ARCBBO versus BBO and RCBBO

In the first experiment, we compared ARCBBO with standard BBO and RCBBO. We set the hidden neuron number to 20, and no pruning technique was employed. The average accuracy of 10 runs of K-fold SCV was listed in Fig. 5.

The average accuracies of D_I, D_II, and D_III by BBO were 99.09, 97.81, and 95.76 %, respectively. The average accuracies of D_I, D_II, and D_III by RCBBO achieved 99.24, 97.69, and 96.12 %, respectively. What is more, using ARCBBO, the average accuracies of D_I, D_II, and D_III were increased to 99.85, 98.38, and 97.02 %, respectively.

Figure 5 shows that the comparison among the accuracy results obtained by BBO, RCBBO and ARCBBO validated that the ARCBBO is more effective in training MLP for PBDS than both BBO and RCBBO. The reason is because real-coded and adaptive mechanism in ARCBBO can improve population diversity and exploration ability, hence, leading to better convergence and robustness than BBO. In the future, we will also test other improved BBO variants, such as multiobjective BBO [55], grouping BBO [56], optimal integrated BBO [57], etc.

Pruning technique comparison

In this second experiment, we compared there different pruning techniques (PTs). ARCBBO was chosen since it has been proven to have better performance than BBO in Section 5.1. The comparison was based on 10 repetitions of K-fold SCV. APER was chosen as the error estimation. The results were shown in Fig. 6.

Here, NPT denotes no pruning technique. For D_I, the NPT, DP, BDB and KC approach obtains average accuracy of 99.85, 100.00, 100.00, and 100.00 %, respectively. For D_II, the NPT, DP, BDB and KC approach obtains average accuracy of 98.38, 99.19, 99.31, and 99.75 %, respectively. For D_III, the NPT, DP, BDB and KC approach obtain average accuracy of 97.02, 98.24, 98.12, and 99.53 %, respectively.
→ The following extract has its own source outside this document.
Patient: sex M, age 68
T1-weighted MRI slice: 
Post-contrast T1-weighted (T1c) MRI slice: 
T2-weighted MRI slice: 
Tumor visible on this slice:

The pruning technique comparison in Fig. 6 suggests that using pruning technique will get better performance than not using pruning technique. The reason is the MLP will contains plenty of near-zero weights and biases if just assign a large hidden neuron number, and thus exists overfitting for validation sets. After employed pruning technique, the unnecessary neuron number will be removed, and thus overfitting will be avoided. The comparison also demonstrates KC method is superior to DP and BDB methods.
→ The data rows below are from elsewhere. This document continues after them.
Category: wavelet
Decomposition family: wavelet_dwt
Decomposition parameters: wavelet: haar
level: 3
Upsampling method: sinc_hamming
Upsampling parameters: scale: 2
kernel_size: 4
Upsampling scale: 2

The best proposed approach

From above, we will know the best proposed approach is “FRFE + KC-MLP + ARCBBO”. In this section, we report in Table 4 the classification results of each run and each fold over the largest dataset D_III. Here we can see in the first run, for example, our algorithm successes in predicting 50 instances in Fold 1, and all 51 instances for other four folds. Hence, our algorithm achieves an accuracy of 99.61 % for the first run. Summarizing all 10 runs, the average accuracy of our algorithm is 99.53 %.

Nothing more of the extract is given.